Feature #15064

[Workbench2] Use long-lived cookies to improve login chooser defaults

Added by Tom Clegg about 2 months ago. Updated 1 day ago.

Status:
Resolved
Priority:
Normal
Assigned To:
Category:
Workbench
Target version:
Start date:
05/14/2019
Due date:
% Done:

100%

Estimated time:
(Total: 0.00 h)
Story points:
1.0

Description

When logging in to an active account on a cluster ("aaaaa"), set long-lived workbench cookies1 on remote clusters ('"aaaaa"-is-my-home').

When showing the login chooser, if an "aaaaa"-is-my-home cookie1 exists for a remote site but not the current site, use the indicated home cluster as the default option.

1 cookie, localstorage, or whatever suitable mechanism


Subtasks

Task #15143: Review 15064-wb2-fed-loginResolvedPeter Amstutz

Task #15207: spec implementationResolvedTom Clegg


Related issues

Related to Arvados - Feature #15061: Redirect users to log in with correct federated identityIn Progress04/18/2019

Associated revisions

Revision 9794db8c (diff)
Added by Peter Amstutz 8 days ago

Migrate arvbox api application.yml settings to config.yml

To set workbench2 url. refs #15064

Arvados-DCO-1.1-Signed-off-by: Peter Amstutz <>

Revision 7488f45a (diff)
Added by Peter Amstutz 8 days ago

Add workbench2Url to discovery document refs #15064

Arvados-DCO-1.1-Signed-off-by: Peter Amstutz <>

History

#1 Updated by Tom Clegg about 2 months ago

  • Related to Feature #15061: Redirect users to log in with correct federated identity added

#2 Updated by Peter Amstutz about 2 months ago

I think this needs to use local storage?
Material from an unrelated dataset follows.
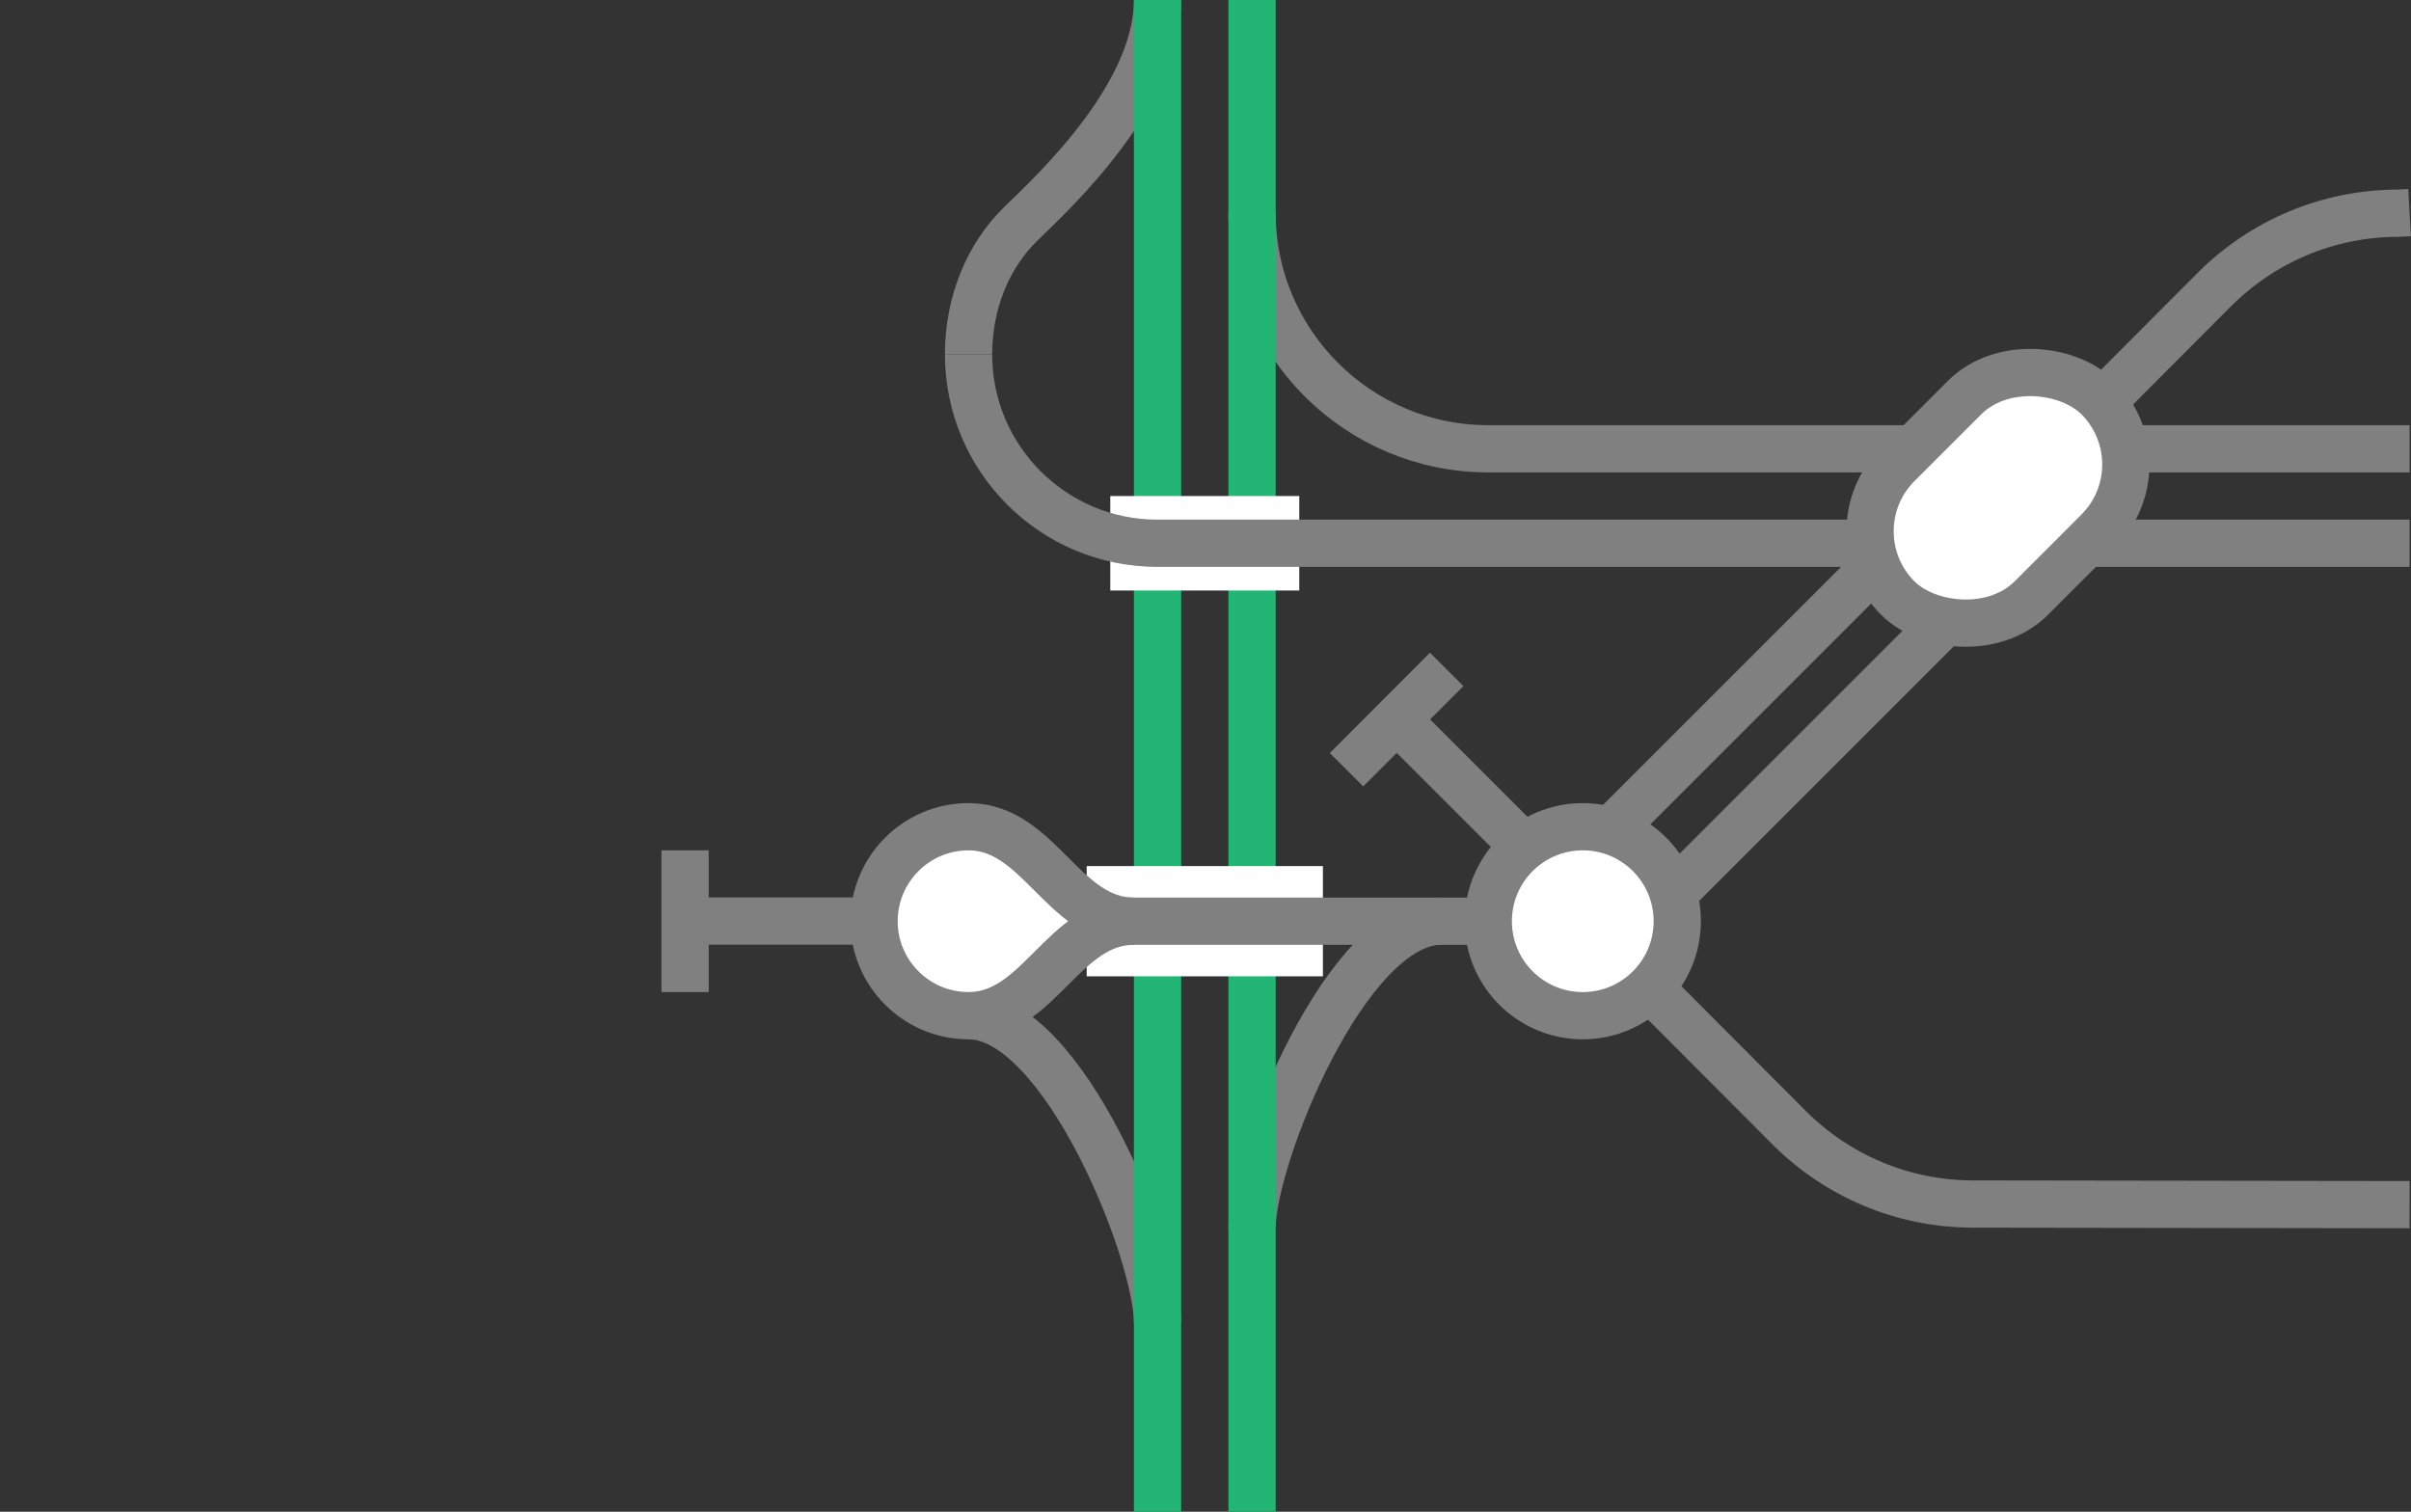 <svg viewBox="0 0 153.09 96" xmlns="http://www.w3.org/2000/svg"><rect x="0" y="0" width="153.09" height="96" fill="#333333" stroke="none"/><path d="m91.5 58.5c-6 0-12 15-12 19.5" fill="none" stroke="#808080" stroke-miterlimit="10" stroke-width="3"/><path d="m79.5 13.5c0 8.28 6.72 15 15 15h58.5" fill="none" stroke="#808080" stroke-miterlimit="10" stroke-width="3"/><path d="m61.5 64.5c6 0 12 15 12 19.5" fill="none" stroke="#808080" stroke-miterlimit="10" stroke-width="3"/><path d="m61.5 22.5c0-3.24 1.21-6.26 3.37-8.34s8.63-8.16 8.63-14.16" fill="none" stroke="#808080" stroke-miterlimit="10" stroke-width="3"/><path d="m79.5 0v96" fill="none" stroke="#22b573" stroke-miterlimit="10" stroke-width="3"/><path d="m73.5 0v96" fill="none" stroke="#22b573" stroke-miterlimit="10" stroke-width="3"/><path d="m0 56.97h3v3h-3z" fill="none"/><path d="m150 54.05h3v3h-3z" fill="none"/><g stroke-miterlimit="10"><path d="m153 76.5-27.71-.04c-4.53 0-8.64-1.83-11.63-4.79l-13.17-13.21" fill="none" stroke="#808080" stroke-width="3"/><path d="m102.49 60.49 28.5-28.5" fill="none" stroke="#808080" stroke-width="3"/><path d="m98.51 56.51 28.5-28.5" fill="none" stroke="#808080" stroke-width="3"/><path d="m88.69 45.69 9.81 9.81" fill="#fff" stroke="#808080" stroke-width="3"/><path d="m91.86 42.51-6.36 6.37" fill="#fff" stroke="#808080" stroke-width="3"/><path d="m82.5 34.5h-12" fill="none" stroke="#fff" stroke-width="6"/><path d="m153 34.5h-79.5c-6.63 0-12-5.37-12-12" fill="none" stroke="#808080" stroke-width="3"/><path d="m153 13.5-.71.04c-4.53 0-8.64 1.83-11.63 4.79l-13.17 13.21" fill="none" stroke="#808080" stroke-width="3"/><path d="m69 58.5h15" fill="#fff" stroke="#fff" stroke-width="7"/><path d="m64.88 58.5h29.62" fill="#fff" stroke="#808080" stroke-width="3"/><path d="m43.5 58.49h21.38" fill="#fff" stroke="#808080" stroke-width="3"/><path d="m43.5 54v9" fill="#fff" stroke="#808080" stroke-width="3"/><circle cx="100.5" cy="58.5" fill="#fff" r="6" stroke="#808080" stroke-width="3"/><rect fill="#fff" height="12" rx="6" stroke="#808080" stroke-width="3" transform="matrix(.707 -.707 .707 .707 14.81 98.97)" width="18" x="117.88" y="25.61"/><path d="m72 58.5c-4.5 0-6-6-10.5-6-3.31 0-6 2.69-6 6s2.69 6 6 6c4.5 0 6-6 10.5-6" fill="#fff" stroke="#808080" stroke-width="3"/></g></svg>

I don't think we can use cookies on Workbench2 which is hosted by a static server (no cookies) and communicates with the API server (which doesn't use cookies).

#3 Updated by Tom Clegg about 2 months ago

  • Description updated (diff)

#4 Updated by Tom Morris about 2 months ago

  • Target version changed from To Be Groomed to Arvados Future Sprints
  • Story points set to 1.0

#5 Updated by Tom Morris 27 days ago

  • Related to deleted (Feature #15061: Redirect users to log in with correct federated identity)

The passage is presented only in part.